◆ Assigned task
Copy every record word for word. Pictures are not part of the copy.

◆ Records supplied

┄┄┄┄┄┄

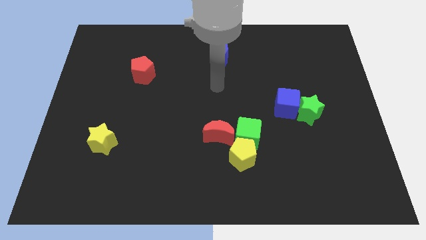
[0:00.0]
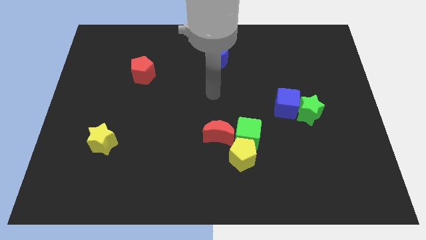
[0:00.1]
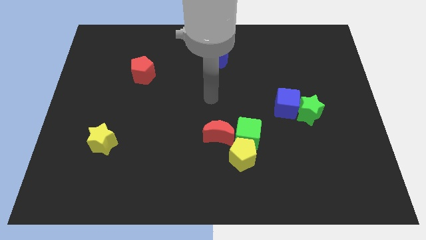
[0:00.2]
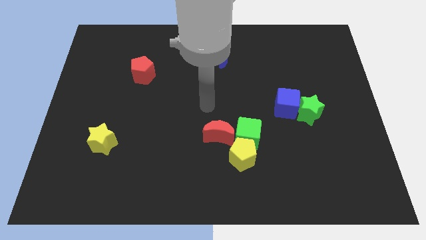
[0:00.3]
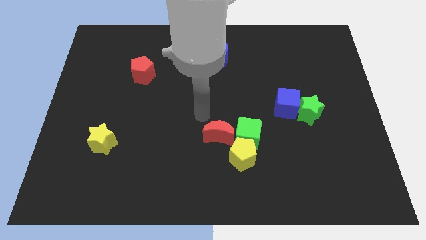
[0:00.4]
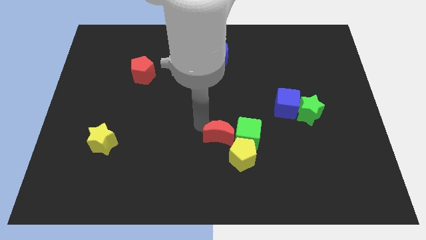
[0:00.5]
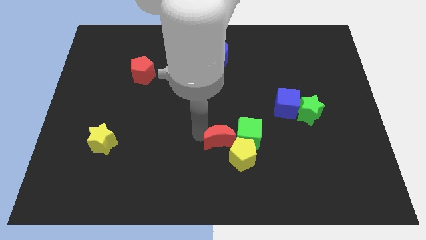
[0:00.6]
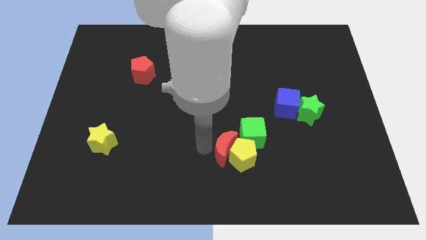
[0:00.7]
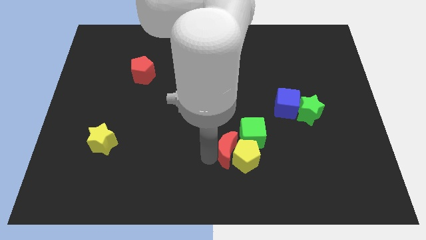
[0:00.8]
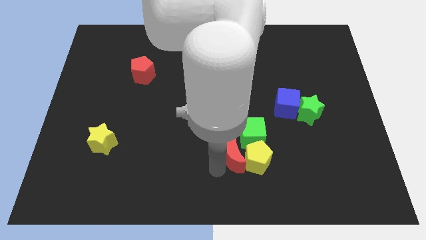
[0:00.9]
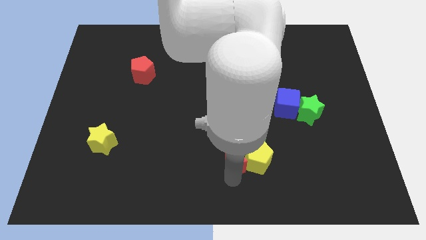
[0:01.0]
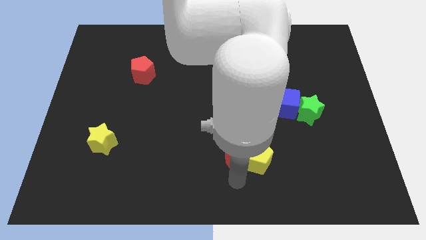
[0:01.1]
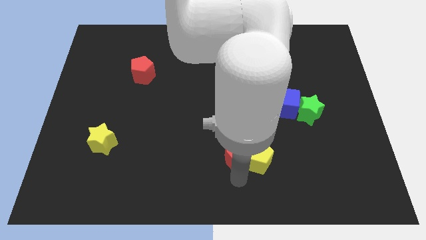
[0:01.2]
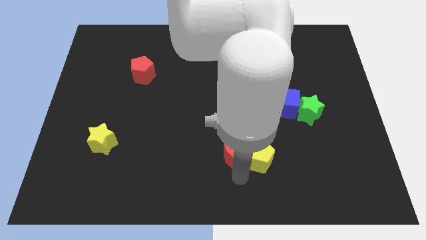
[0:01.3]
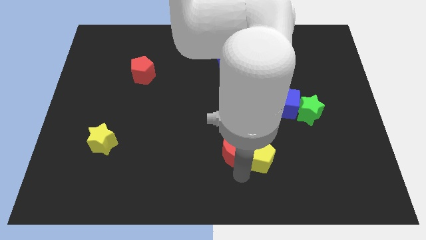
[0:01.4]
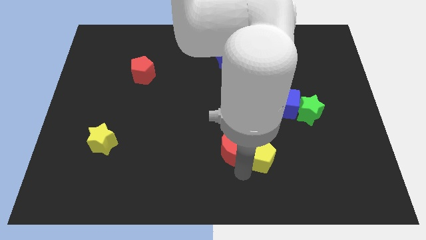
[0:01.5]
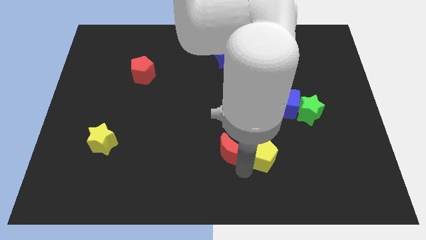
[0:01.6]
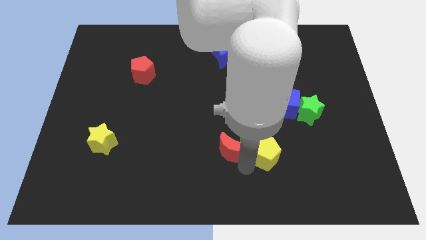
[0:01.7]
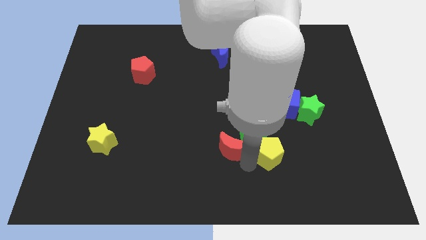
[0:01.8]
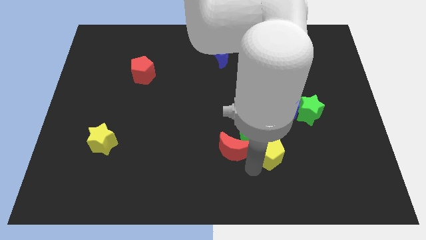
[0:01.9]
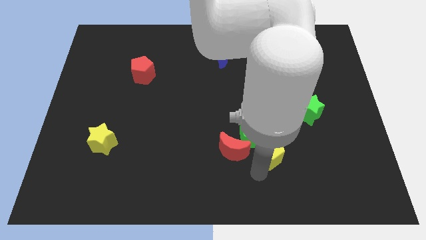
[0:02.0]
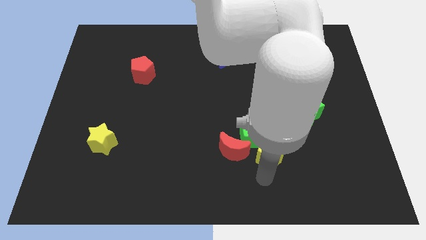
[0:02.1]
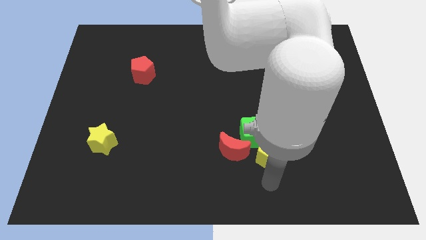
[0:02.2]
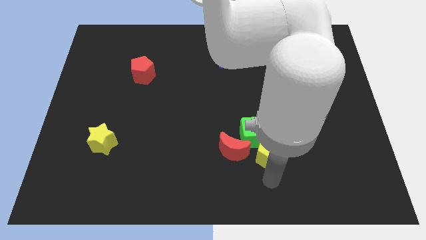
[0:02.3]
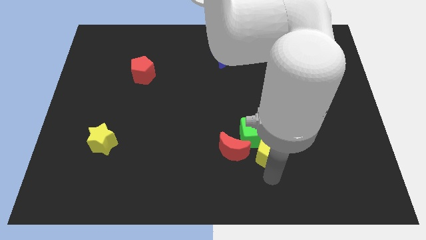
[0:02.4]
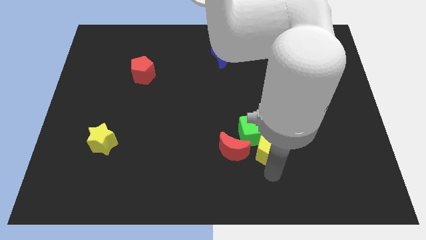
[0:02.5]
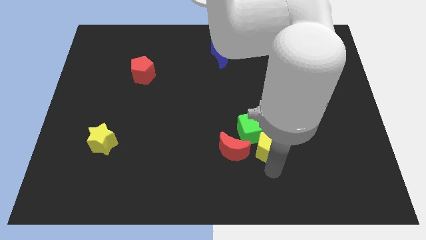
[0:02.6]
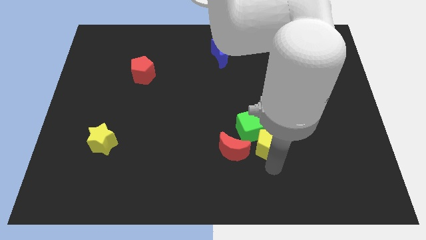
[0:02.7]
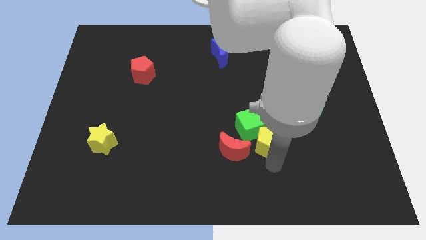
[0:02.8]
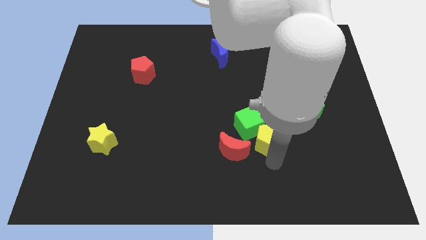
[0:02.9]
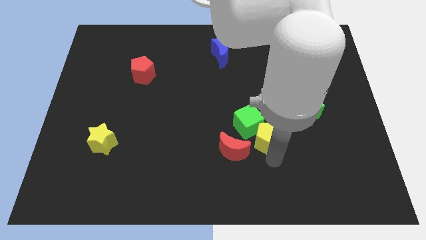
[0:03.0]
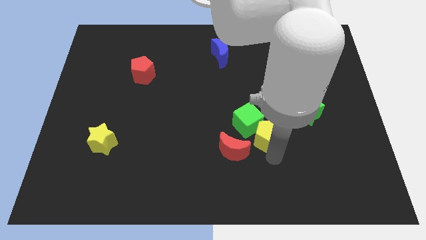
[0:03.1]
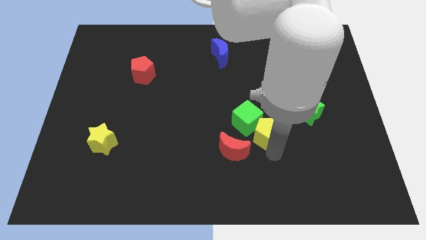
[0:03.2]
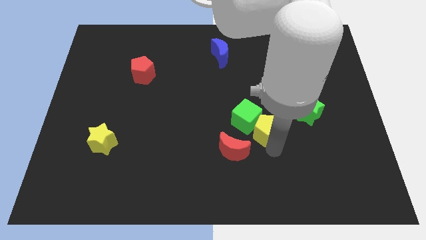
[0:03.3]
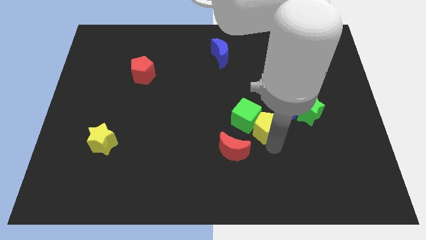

┄┄┄┄┄┄

◆ Task output
[0:00.0]
[0:00.1]
[0:00.2]
[0:00.3]
[0:00.4]
[0:00.5]
[0:00.6]
[0:00.7]
[0:00.8]
[0:00.9]
[0:01.0]
[0:01.1]
[0:01.2]
[0:01.3]
[0:01.4]
[0:01.5]
[0:01.6]
[0:01.7]
[0:01.8]
[0:01.9]
[0:02.0]
[0:02.1]
[0:02.2]
[0:02.3]
[0:02.4]
[0:02.5]
[0:02.6]
[0:02.7]
[0:02.8]
[0:02.9]
[0:03.0]
[0:03.1]
[0:03.2]
[0:03.3]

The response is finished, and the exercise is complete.